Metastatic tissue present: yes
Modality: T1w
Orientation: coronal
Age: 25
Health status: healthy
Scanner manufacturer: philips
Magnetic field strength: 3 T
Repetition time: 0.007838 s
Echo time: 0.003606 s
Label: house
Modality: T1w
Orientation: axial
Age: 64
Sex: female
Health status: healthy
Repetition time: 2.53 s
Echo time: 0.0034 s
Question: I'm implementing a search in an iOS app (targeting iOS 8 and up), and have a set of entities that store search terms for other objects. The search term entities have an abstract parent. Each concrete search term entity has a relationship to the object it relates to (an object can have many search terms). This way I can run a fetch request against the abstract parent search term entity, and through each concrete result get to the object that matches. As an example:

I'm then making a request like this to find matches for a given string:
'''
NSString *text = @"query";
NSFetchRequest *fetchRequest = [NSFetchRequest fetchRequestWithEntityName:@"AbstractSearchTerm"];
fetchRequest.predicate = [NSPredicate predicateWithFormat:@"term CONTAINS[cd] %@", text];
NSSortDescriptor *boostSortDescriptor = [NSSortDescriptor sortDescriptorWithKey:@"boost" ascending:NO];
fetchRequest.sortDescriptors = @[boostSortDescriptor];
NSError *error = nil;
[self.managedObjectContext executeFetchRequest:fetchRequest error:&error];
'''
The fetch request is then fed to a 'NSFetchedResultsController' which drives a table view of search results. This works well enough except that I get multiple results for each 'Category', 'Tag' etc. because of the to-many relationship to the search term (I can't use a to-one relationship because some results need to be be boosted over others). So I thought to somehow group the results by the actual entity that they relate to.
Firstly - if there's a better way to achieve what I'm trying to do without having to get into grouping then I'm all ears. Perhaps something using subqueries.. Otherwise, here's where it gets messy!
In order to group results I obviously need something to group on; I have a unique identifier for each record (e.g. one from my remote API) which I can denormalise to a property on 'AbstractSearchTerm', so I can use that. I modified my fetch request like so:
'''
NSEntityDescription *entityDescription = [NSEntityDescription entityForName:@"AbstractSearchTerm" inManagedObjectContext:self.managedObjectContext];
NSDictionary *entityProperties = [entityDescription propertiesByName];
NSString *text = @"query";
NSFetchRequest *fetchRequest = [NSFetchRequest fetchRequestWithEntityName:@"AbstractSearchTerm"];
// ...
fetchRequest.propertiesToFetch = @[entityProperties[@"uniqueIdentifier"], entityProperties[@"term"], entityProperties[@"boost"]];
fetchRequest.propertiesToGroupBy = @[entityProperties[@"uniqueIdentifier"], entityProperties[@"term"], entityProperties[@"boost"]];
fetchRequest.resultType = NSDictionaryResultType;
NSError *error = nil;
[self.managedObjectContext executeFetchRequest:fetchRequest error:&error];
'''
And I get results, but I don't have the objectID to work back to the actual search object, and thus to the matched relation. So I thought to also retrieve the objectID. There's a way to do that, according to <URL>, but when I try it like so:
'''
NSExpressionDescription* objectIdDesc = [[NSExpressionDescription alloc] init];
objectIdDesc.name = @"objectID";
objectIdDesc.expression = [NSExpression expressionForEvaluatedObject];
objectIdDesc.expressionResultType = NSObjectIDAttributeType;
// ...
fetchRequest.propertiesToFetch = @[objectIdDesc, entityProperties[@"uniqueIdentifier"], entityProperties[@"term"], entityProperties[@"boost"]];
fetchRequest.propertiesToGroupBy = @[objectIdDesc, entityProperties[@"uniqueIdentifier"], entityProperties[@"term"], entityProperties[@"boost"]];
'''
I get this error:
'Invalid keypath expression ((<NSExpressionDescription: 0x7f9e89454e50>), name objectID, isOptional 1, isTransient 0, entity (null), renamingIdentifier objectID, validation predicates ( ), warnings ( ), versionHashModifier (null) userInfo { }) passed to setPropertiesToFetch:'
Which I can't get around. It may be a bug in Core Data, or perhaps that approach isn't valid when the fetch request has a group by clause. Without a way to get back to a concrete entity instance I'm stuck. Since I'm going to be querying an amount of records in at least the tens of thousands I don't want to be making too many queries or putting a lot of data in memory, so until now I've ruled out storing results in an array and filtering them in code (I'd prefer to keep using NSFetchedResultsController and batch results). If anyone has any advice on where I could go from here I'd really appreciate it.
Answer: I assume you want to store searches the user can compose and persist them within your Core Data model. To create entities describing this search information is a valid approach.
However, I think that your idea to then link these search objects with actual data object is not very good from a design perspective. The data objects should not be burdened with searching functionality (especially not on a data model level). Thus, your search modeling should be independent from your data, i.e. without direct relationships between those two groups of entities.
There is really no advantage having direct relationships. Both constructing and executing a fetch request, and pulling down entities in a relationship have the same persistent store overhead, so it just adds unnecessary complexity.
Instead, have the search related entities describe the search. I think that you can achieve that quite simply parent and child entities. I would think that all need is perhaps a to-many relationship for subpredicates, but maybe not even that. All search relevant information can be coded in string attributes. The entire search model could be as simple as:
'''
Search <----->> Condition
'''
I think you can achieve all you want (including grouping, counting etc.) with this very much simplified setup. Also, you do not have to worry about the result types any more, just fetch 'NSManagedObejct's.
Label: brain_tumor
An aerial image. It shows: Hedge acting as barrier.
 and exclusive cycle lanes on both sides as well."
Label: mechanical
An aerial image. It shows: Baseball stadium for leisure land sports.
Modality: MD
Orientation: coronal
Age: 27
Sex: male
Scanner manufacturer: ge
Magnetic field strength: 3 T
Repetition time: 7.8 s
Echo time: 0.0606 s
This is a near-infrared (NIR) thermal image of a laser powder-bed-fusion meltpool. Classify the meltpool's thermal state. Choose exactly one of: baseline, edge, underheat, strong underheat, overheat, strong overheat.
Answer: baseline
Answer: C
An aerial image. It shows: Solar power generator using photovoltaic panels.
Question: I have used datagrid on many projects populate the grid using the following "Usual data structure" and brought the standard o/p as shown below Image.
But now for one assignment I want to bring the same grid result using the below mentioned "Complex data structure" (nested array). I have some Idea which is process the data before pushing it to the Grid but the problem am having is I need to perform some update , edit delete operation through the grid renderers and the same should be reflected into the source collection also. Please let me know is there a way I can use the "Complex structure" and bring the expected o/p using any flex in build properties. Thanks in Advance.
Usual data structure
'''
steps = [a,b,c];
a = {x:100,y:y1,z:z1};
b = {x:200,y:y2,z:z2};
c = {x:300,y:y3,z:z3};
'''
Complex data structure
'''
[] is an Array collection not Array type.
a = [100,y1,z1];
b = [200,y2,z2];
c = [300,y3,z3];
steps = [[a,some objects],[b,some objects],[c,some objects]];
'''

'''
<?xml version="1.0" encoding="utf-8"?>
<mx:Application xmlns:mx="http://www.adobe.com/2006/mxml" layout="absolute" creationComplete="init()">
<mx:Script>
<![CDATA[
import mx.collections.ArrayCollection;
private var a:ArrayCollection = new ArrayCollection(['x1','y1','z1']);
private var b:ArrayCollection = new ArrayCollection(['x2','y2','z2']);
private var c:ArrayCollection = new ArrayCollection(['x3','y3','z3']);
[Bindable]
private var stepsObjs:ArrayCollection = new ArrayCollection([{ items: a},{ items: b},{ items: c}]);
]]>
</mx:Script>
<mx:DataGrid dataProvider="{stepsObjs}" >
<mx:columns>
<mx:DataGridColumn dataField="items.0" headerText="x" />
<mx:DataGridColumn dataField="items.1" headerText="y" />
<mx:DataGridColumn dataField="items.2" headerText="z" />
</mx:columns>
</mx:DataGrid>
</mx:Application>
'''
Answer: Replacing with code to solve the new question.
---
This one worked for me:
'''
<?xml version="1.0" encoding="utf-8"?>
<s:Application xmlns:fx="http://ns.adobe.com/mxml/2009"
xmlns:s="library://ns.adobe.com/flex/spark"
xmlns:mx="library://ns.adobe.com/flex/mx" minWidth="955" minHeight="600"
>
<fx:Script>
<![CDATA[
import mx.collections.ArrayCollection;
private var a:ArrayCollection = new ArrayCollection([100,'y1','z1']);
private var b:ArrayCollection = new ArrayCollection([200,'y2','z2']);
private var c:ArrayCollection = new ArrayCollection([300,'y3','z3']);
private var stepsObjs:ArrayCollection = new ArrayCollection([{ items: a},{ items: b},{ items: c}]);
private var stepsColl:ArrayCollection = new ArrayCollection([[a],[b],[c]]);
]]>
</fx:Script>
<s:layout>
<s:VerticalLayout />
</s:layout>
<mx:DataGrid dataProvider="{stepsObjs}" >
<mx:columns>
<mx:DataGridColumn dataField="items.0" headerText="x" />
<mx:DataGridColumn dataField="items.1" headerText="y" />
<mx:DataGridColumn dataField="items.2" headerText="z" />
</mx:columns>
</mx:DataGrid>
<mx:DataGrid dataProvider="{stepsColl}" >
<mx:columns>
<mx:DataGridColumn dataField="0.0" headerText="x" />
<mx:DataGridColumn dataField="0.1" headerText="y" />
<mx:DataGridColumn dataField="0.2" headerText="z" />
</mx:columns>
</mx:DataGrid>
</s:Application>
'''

********

§ PROBLEM
Reproduce the lines above, beginning at the line with "Sex: female" and stopping after the line with "Repetition time: 2.53 s", exactly as they are.

§ RESPONSE AREA
Sex: female
Health status: healthy
Repetition time: 2.53 s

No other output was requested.